Ausmisten mit Kindern.

Ich kenne diese Situation sehr gut aus meinen Ordnungscoachings. Wenn gefühlt die ganze Wohnung voll ist, lautet die wichtigste Frage oft nicht mehr: „Was kann weg?“, sondern: Wo soll ich beim Ausmisten überhaupt anfangen?

Meine Erfahrung zeigt: Du brauchst jetzt keinen perfekten Ausmistplan für die gesamte Wohnung. Du brauchst einen kleinen Bereich, bei dem du eine sichtbare Veränderung erreichen kannst. Denn genau dieses erste Erfolgserlebnis macht den nächsten Schritt leichter.

Inhaltsverzeichnis

Warum du gerade nicht weißt, wo du anfangen sollst

Wenn in mehreren Räumen gleichzeitig Unordnung herrscht, sieht dein Kopf nicht zehn einzelne Aufgaben. Er sieht ein riesiges Projekt: „Ich muss die ganze Wohnung ausmisten.“

Das überfordert schnell. Vor allem dann, wenn dein Alltag sowieso schon voll ist und zwischen Kindern, Arbeit, Wäsche und Terminen wenig freie Zeit bleibt.

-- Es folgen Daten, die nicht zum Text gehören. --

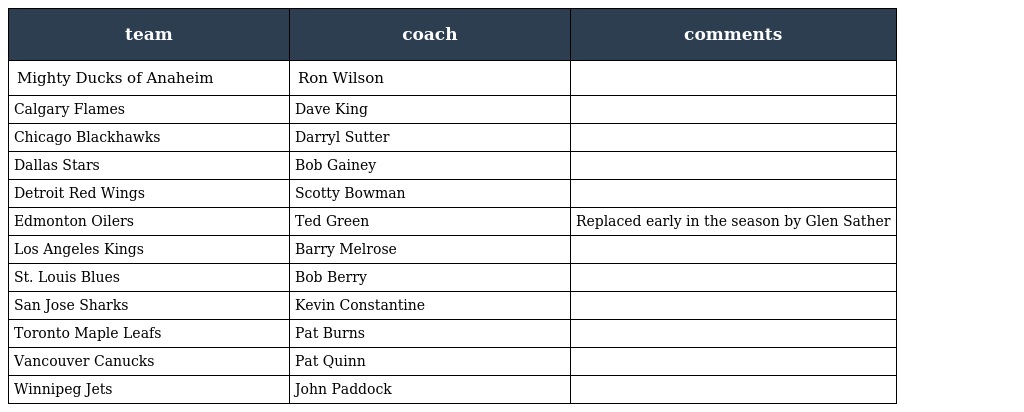
| team | coach | comments |
 | --- | --- | --- |
 | Mighty Ducks of Anaheim | Ron Wilson |  |
 | Calgary Flames | Dave King |  |
 | Chicago Blackhawks | Darryl Sutter |  |
 | Dallas Stars | Bob Gainey |  |
 | Detroit Red Wings | Scotty Bowman |  |
 | Edmonton Oilers | Ted Green | Replaced early in the season by Glen Sather |
 | Los Angeles Kings | Barry Melrose |  |
 | St. Louis Blues | Bob Berry |  |
 | San Jose Sharks | Kevin Constantine |  |
 | Toronto Maple Leafs | Pat Burns |  |
 | Vancouver Canucks | Pat Quinn |  |
 | Winnipeg Jets | John Paddock |  |

Hinzu kommen die vielen Entscheidungen, die beim Ausmisten auf dich warten: Brauche ich das noch? Kann das weg? Sollte ich es verkaufen? Vielleicht braucht es irgendwann jemand? War das nicht teuer?

 

Deshalb gilt: Wenn du nicht weißt, wo du beim Ausmisten anfangen sollst, brauchst du meistens nicht mehr Motivation. Du brauchst eine kleinere Aufgabe.

Der größte Fehler: Überall gleichzeitig anfangen

Ein typisches Szenario bei meinen Kundinnen sieht so aus: Du möchtest den Kleiderschrank ausmisten. Dabei findest du etwas, das eigentlich ins Bad gehört. Auf dem Weg dorthin bemerkst du die volle Badschublade und beginnst dort weiterzumachen. Dann fällt dir eine Kiste im Flur auf – und nach zwei Stunden sind fünf Bereiche angefangen, aber keiner fertig.

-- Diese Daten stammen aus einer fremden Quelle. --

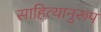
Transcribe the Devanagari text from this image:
साहित्यानुरूप
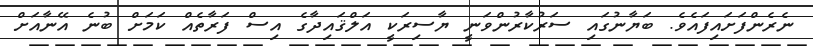
ނެރެންފަށައިފައެވެ. ބަޔާނުގައި ސަރުކާރުންވަނީ ޔާސިރަކީ އަލްޤައިދާގެ އިސް ފަރާތެއް ކަމަށް ބުނެ އޭނާއަށް
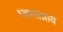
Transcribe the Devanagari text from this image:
ध्वस्तप्राय
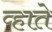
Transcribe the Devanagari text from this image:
व्हाते
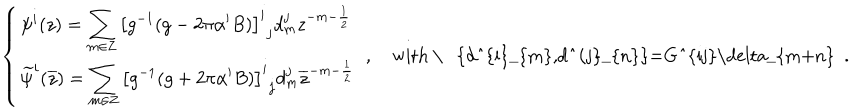
\left\{ \begin{array} { l } { { \displaystyle \psi ^ { i } ( z ) = \sum _ { m \in { \bf Z } } { \left[ g ^ { - 1 } ( g - 2 \pi \alpha ^ { \prime } B ) \right] ^ { i } } _ { j } d _ { m } ^ { j } z ^ { - m - \frac { 1 } { 2 } } } } \\ { { \displaystyle \widetilde { \psi } ^ { i } ( \overline { { { z } } } ) = \sum _ { m \in { \bf Z } } { \left[ g ^ { - 1 } ( g + 2 \pi \alpha ^ { \prime } B ) \right] ^ { i } } _ { j } d _ { m } ^ { j } \overline { { { z } } } ^ { - m - \frac { 1 } { 2 } } } } \\ \end{array} \right. ~ , \quad \mathrm { w i t h ~ \ ~ \{ d _ { m } ^ { i } , d _ { n } ^ { j } \} = G ^ { i j } \ d e l t a _ { m + n } ~ } ~ .

Das Ergebnis fühlt sich oft sogar chaotischer an als vorher.

 

Deshalb lautet eine meiner wichtigsten Regeln:

Ein Bereich. Eine Entscheidung nach der anderen.

Du musst das Chaos nicht überall gleichzeitig lösen. Im Gegenteil: Je kleiner du deinen Startbereich wählst, desto größer ist die Wahrscheinlichkeit, dass du ihn wirklich abschließt.

VORHER

NACHHER

aufgeräumtes Regal neben dem Schreibtisch.

Wo sollte man beim Ausmisten zuerst anfangen?

Nicht unbedingt dort, wo objektiv die meisten Dinge liegen.

Starte dort, wo dich das Chaos im Alltag am häufigsten stört und wo Entscheidungen vergleichsweise leicht fallen.

Das kann die überfüllte Schuhablage sein, über die du jeden Morgen stolperst. Vielleicht nervt dich aber viel mehr, dass jedes Mal beim Öffnen des Küchenschranks die Vorratsdosen herausfallen.

Der beste Startbereich ist also nicht für jede Familie gleich.

 

Stell dir diese Frage:

Welcher kleine Bereich würde meinen Alltag schon morgen ein bisschen leichter machen, wenn er übersichtlicher wäre?

Genau dort würde ich anfangen.

Schritt 1: Finde deinen größten alltäglichen Störfaktor

Gehe einmal gedanklich durch deinen normalen Tag.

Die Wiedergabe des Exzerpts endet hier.